I have two banana plants in my 5g and last time I checked one was starting to grow leaves. Plants are just weird some times, why would the banana plant grow, but the anubias died. I guess our knowledge about plants only reaches so far.


----------



## Betta man (Mar 25, 2011)

Banana plant? Like the plant that you get bananas off of?


----------



## Murloc (Jul 26, 2012)

Betta man said:


> Banana plant? Like the plant that you get bananas off of?


Yes. Can you tell me why I had my Nymphoides aquatica for so long and it never gave me fruit?!?!


----------



## grogan (Jan 23, 2011)

Once this plant roots itself and is established...DAMN it has one of the best leaf structures in the hobby. I love the high gloss that it develops. Pictures do not due it justice.


----------



## BettaGuy (May 6, 2012)

Betta man said:


> Banana plant? Like the plant that you get bananas off of?

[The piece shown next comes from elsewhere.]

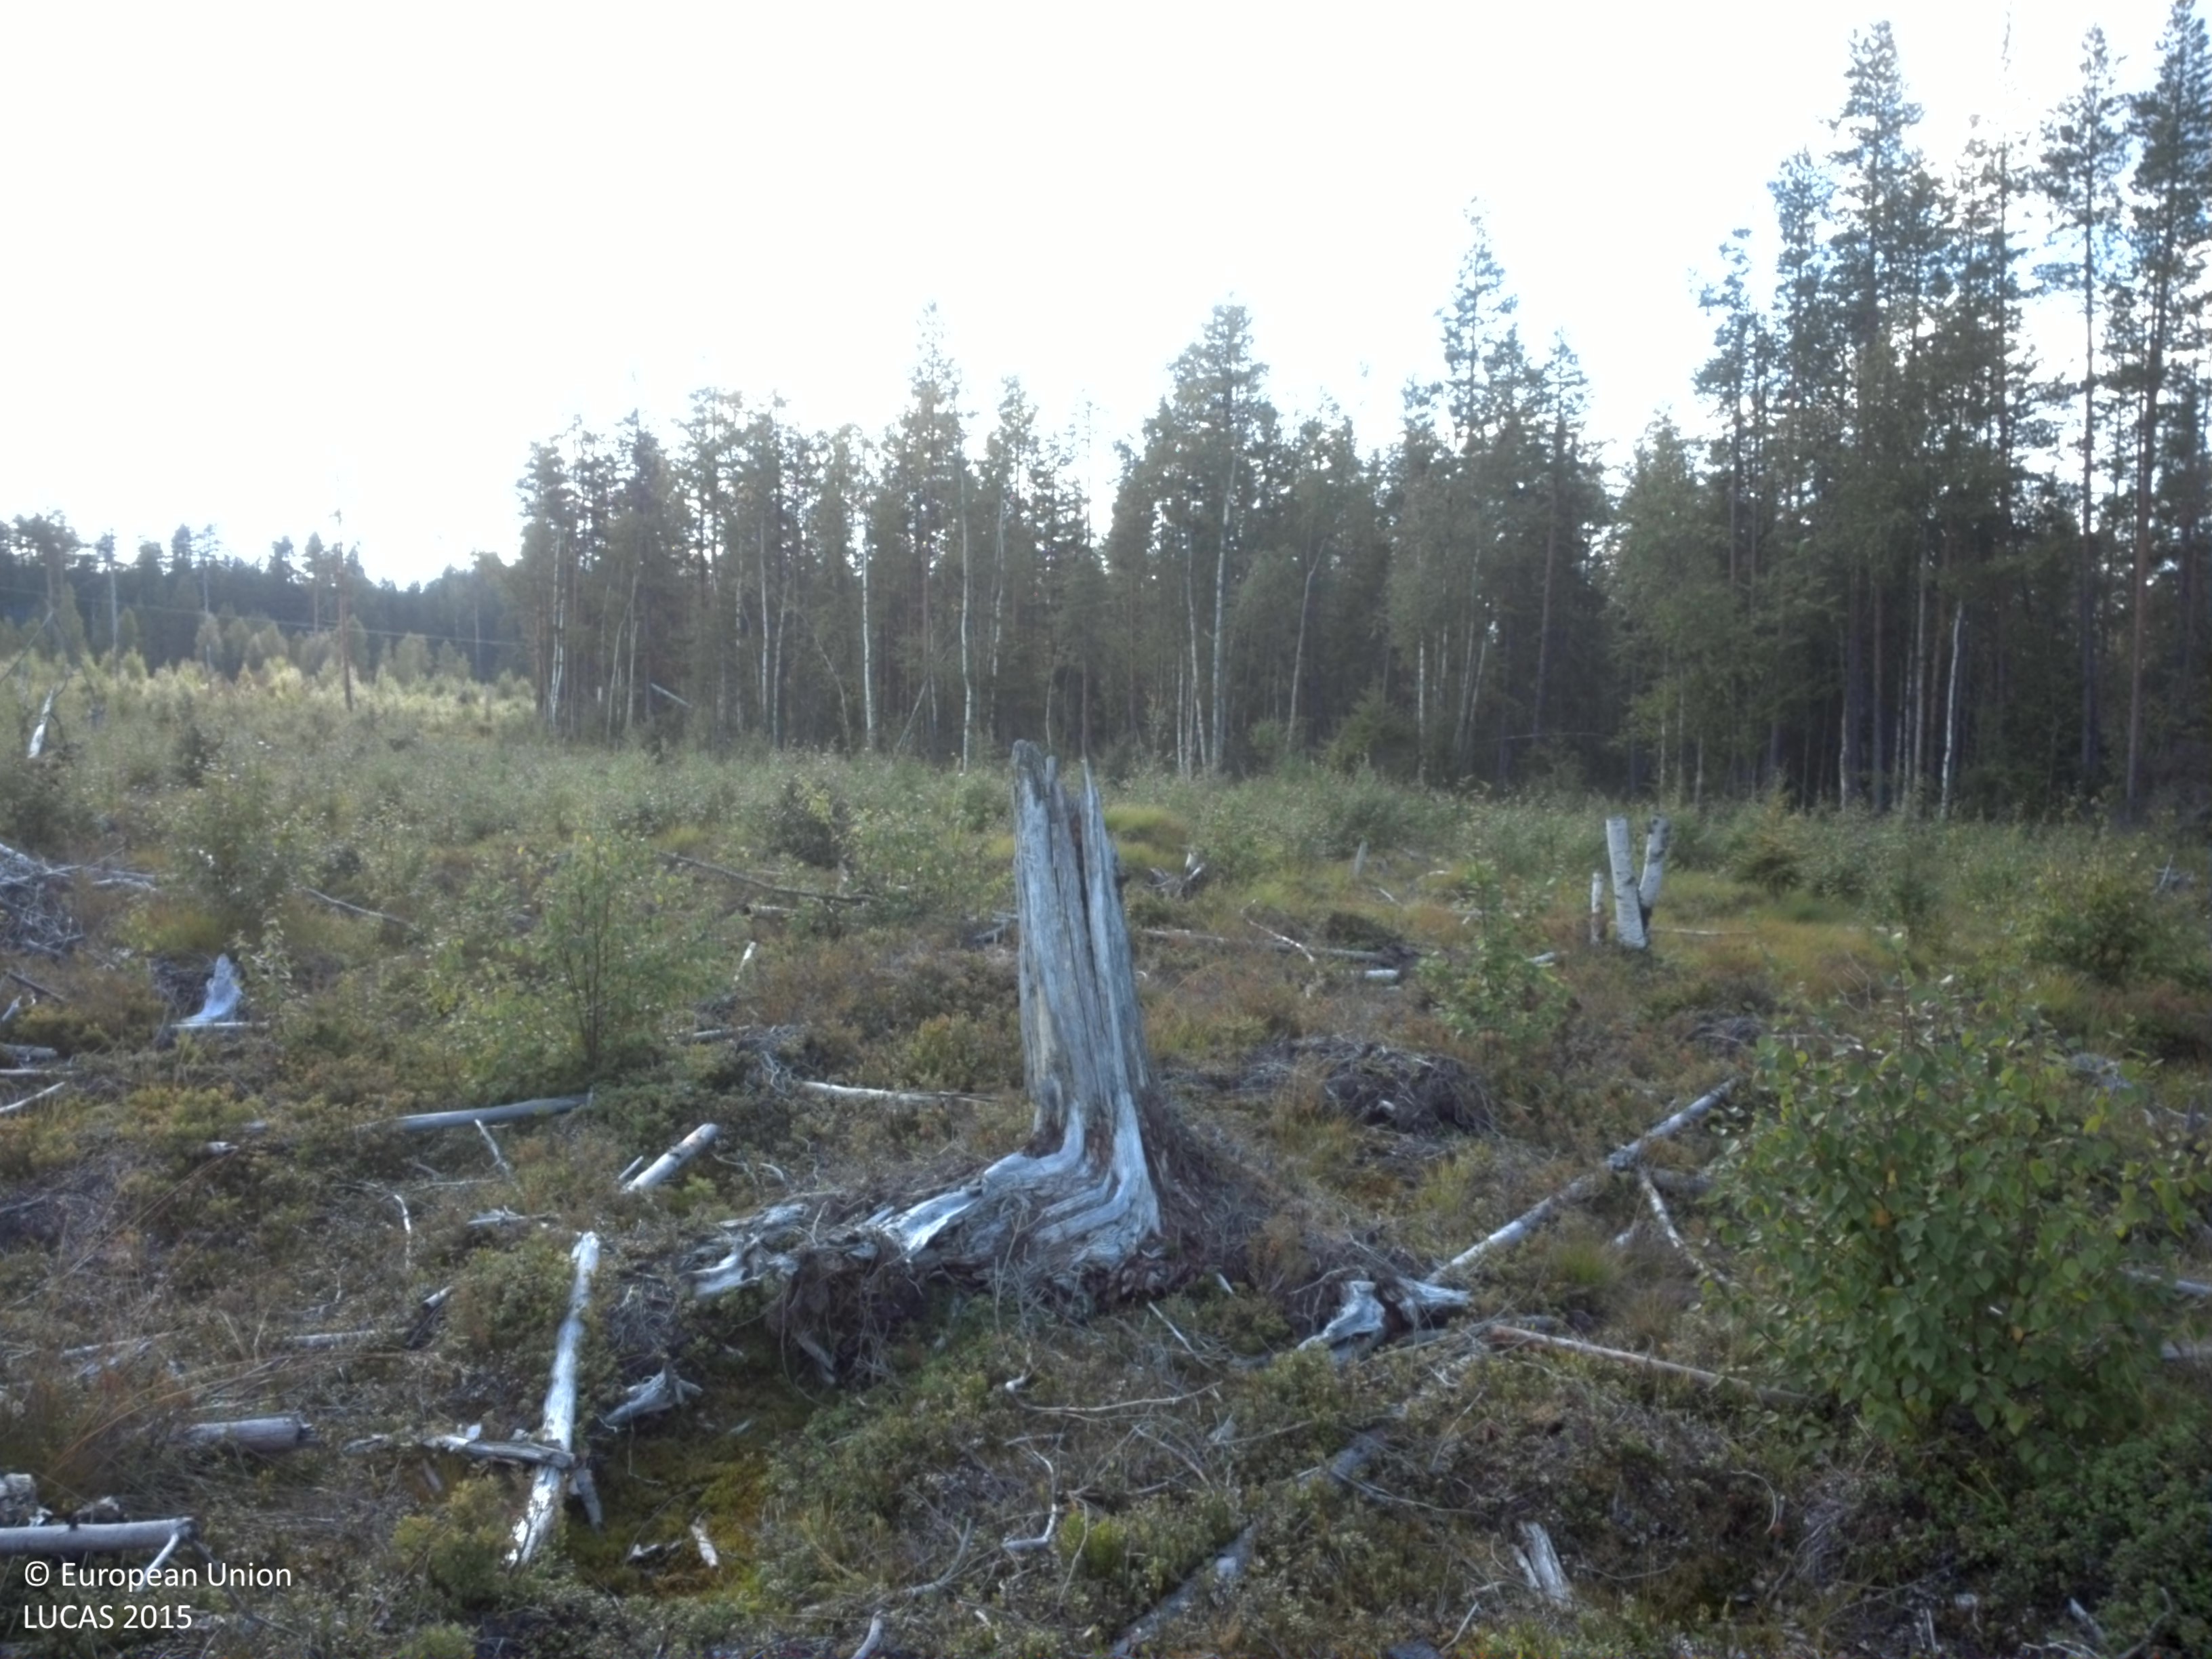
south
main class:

lol, they are called banana plants because they have this structure (not sure what its called) that looks like bananas on the bottom of the plant. I remeber that I placed mine upside down the first month wondering why it wouldn't grow until I checked it out online :chair:


----------



## Murloc (Jul 26, 2012)

grogan said:


> Once this plant roots itself and is established...DAMN it has one of the best leaf structures in the hobby. I love the high gloss that it develops. Pictures do not due it justice.

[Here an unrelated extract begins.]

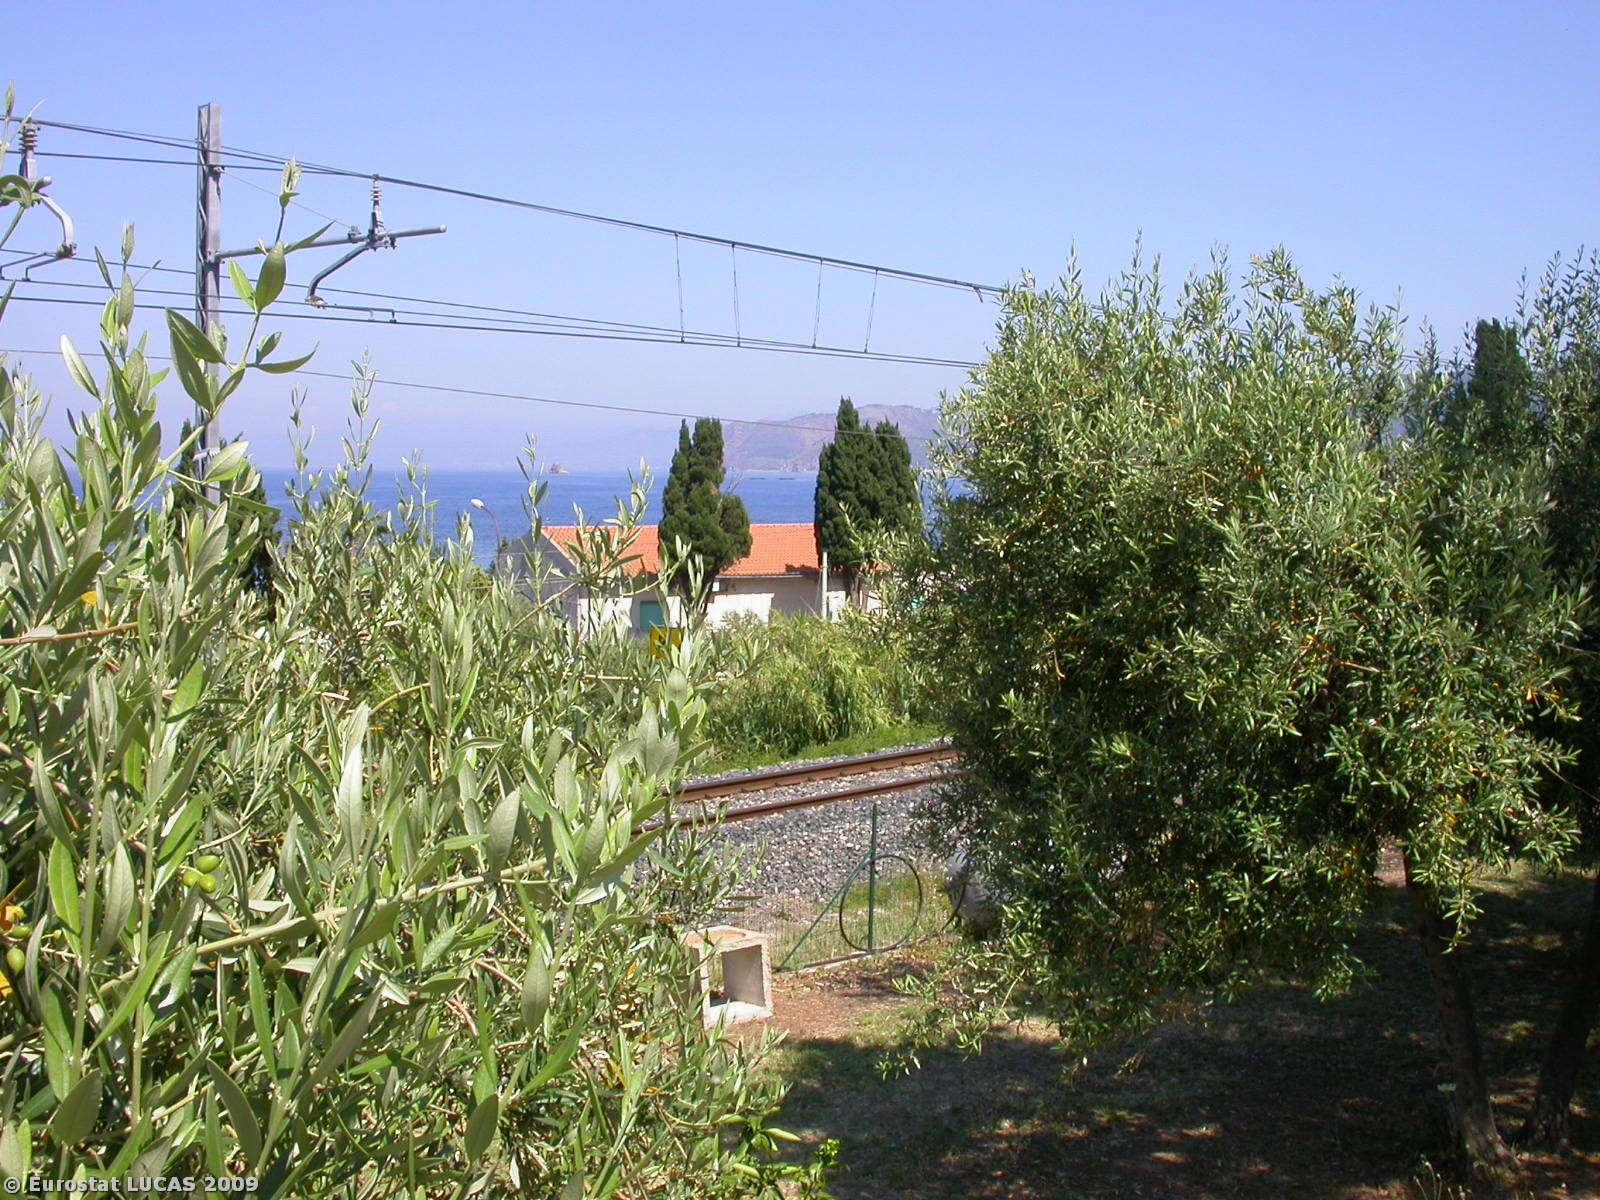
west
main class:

Yeah they do! Mine always got GIANT leaves on them, never very tall, but very large... And once that happens, and the plant is grown, sometimes I swear that the leaves can looks plastic haha. I am going to put a few in my tank, the only problem is all the ones I find are just not as healthy as I would like. 

The Banana shaped roots are exactly just that. Large roots, used to store nutrients. If you go to pick them out, it is best to have them with "fat roots", then you know they are decently healthy.


----------